1. Line 60: Please cite the mentioned machine learning method that are small scale.
2. Line 63: Please cite “other studies.”
3. Line 72: Please cite “A significant number of studies.”
4. Line 97-113. Please cite the relevant paper regarding the “LSTM” “OPTICS” “DBSCAN”, IF they are not originally developed in this manuscript. Ignore these comments if these method are developed in this manuscript.
5. Line 195: “Xiao Li et al.[25]” There is no author names Xiao in reference 25.
6. Line 350 “Taspinar” Add relevant citation.
7. Line 500 Cite the relevant paper of “DBSCAN” if it is not developed in this manuscript.
8. Did the author tested the machine learning model on a section of road that never included in the training data set? Ideally, the verification test need to use the data that are not used in training models in order to truly justify the validation of the method. If the author has done that, please emphasis to take the credit. Otherwise, it is OK to not mentioning it.
Author Response
Please see the file attached!
Author Response File: Author Response.pdf
Round 2
Reviewer 1 Report
The author has done a good job with the revisions. In addition, I have a few remaining further questions/remarks.

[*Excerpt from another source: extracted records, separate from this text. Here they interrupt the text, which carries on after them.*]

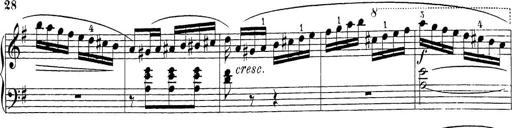
Title: Sonatina Album
Composer: Louis KÃ¶hler
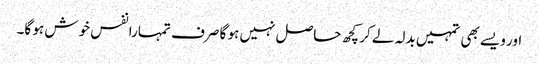
اور ویسے بھی تمہیں بدلہ لے کر کچھ حاصل نہیں ہو گا صرف تمہارا نفس خوش ہو گا۔
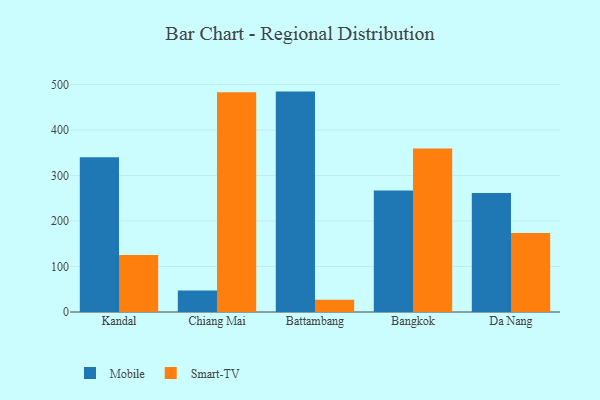
{"axis": {"x": "City", "y": "Latency (ms)"}, "legend": ["Mobile", "Smart-TV"], "data": [{"x": "Kandal", "y": 340.2, "type": "Mobile"}, {"x": "Kandal", "y": 125.4, "type": "Smart-TV"}, {"x": "Chiang Mai", "y": 47.2, "type": "Mobile"}, {"x": "Chiang Mai", "y": 482.9, "type": "Smart-TV"}, {"x": "Battambang", "y": 484.4, "type": "Mobile"}, {"x": "Battambang", "y": 26.8, "type": "Smart-TV"}, {"x": "Bangkok", "y": 267.3, "type": "Mobile"}, {"x": "Bangkok", "y": 359.5, "type": "Smart-TV"}, {"x": "Da Nang", "y": 261.6, "type": "Mobile"}, {"x": "Da Nang", "y": 173.4, "type": "Smart-TV"}]}
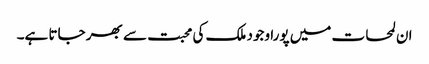
ان لمحات میں پورا وجود ملک کی محبت سے بھر جاتا ہے۔
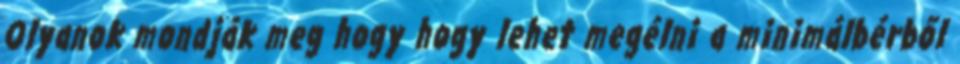
Olyanok mondják meg hogy hogy lehet megélni a minimálbérből
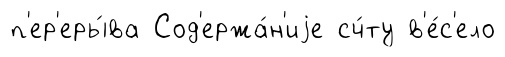
п'ер'еры́ва Сод'ержа́н'иjе сч́ту в'е́с'ело
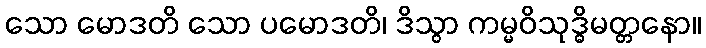
သော မောဒတိ သော ပမောဒတိ၊ ဒိသွာ ကမ္မဝိသုဒ္ဓိမတ္တနော။
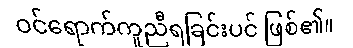
ဝင်ရောက်ကူညီရခြင်းပင် ဖြစ်၏။
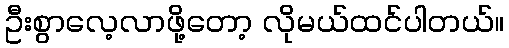
ဦးစွာလေ့လာဖို့တော့ လိုမယ်ထင်ပါတယ်။
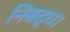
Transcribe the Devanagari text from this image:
निबद्ध।
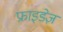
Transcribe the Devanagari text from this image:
फ्राइडेज़
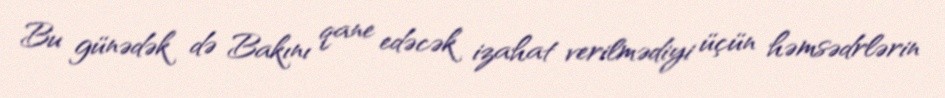
Bu günədək də Bakını qane edəcək izahat verilmədiyi üçün həmsədrlərin
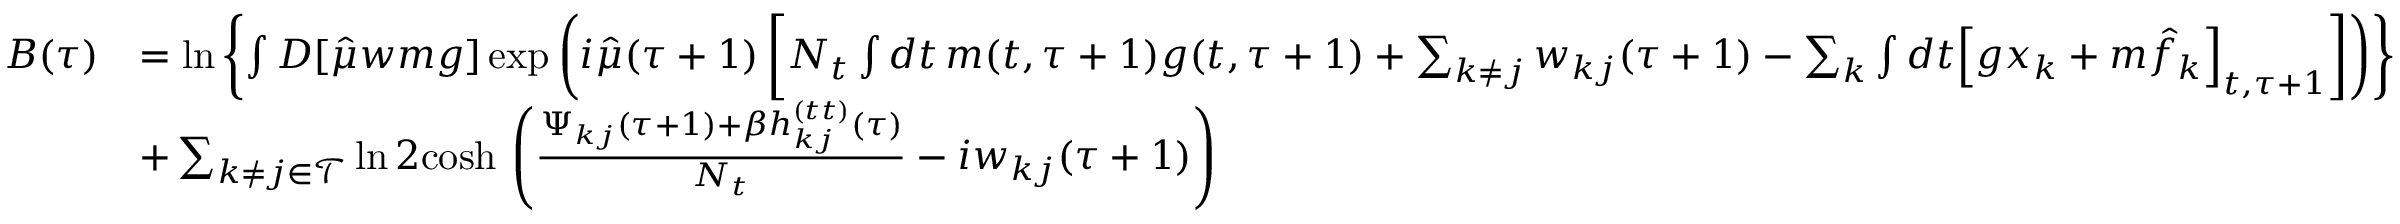
\begin{array} { r l } { B ( \tau ) } & { = \ln \left\{ \int D [ \hat { \mu } w m g ] \exp \left( i \hat { \mu } ( \tau + 1 ) \left[ N _ { t } \int d t \, m ( t , \tau + 1 ) g ( t , \tau + 1 ) + \sum _ { k \neq j } w _ { k j } ( \tau + 1 ) - \sum _ { k } \int d t \Big [ g x _ { k } + m \hat { f } _ { k } \Big ] _ { t , \tau + 1 } \right] \right) \right\} } \\ & { + \sum _ { k \neq j \in \mathcal { T } } \ln 2 \mathrm { c o s h } \, \left( \frac { \Psi _ { k j } ( \tau + 1 ) + \beta h _ { k j } ^ { ( t t ) } ( \tau ) } { N _ { t } } - i w _ { k j } ( \tau + 1 ) \right) } \end{array}

1. In Introduction: This manuscript should further add some articles and will be of interest to many, such as:
a) Automatic Detection of Pothole Distress in Asphalt Pavement Using Improved Convolutional Neural Networks, https://doi.org/10.3390/rs14163892
b) Real-Time Road Pothole Mapping Based on Vibration Analysis in Smart City, https://doi.org/ 10.1109/JSTARS.2022.3200147
c) Road damage detection using UAV images based on multi-level attention mechanism, https://doi.org/10.1016/j.autcon.2022.104613
2. Please check the picture quality again to meet the publication requirements.
Author Response
Point 1: 1. In Introduction: This manuscript should further add some articles and will be of interest to many, such as:
- a) Automatic Detection of Pothole Distress in Asphalt Pavement Using Improved Convolutional Neural Networks, https://doi.org/10.3390/rs14163892
- b) Real-Time Road Pothole Mapping Based on Vibration Analysis in Smart City, https://doi.org/ 10.1109/JSTARS.2022.3200147
- c) Road damage detection using UAV images based on multi-level attention mechanism, https://doi.org/10.1016/j.autcon.2022.104613
Response 1: Thanks for your insightful comment and the recommended articles. We have reviewed them carefully, they are indeed quite relevant. We have now incoporated them to our literature review. They can be found in the text at lines 234 to 241 and lines 253 to 255.
Point 2: Please check the picture quality again to meet the publication requirements.
Response 2: Thanks for your careful comment. We have checked the picture quality and they have met the publication requirements.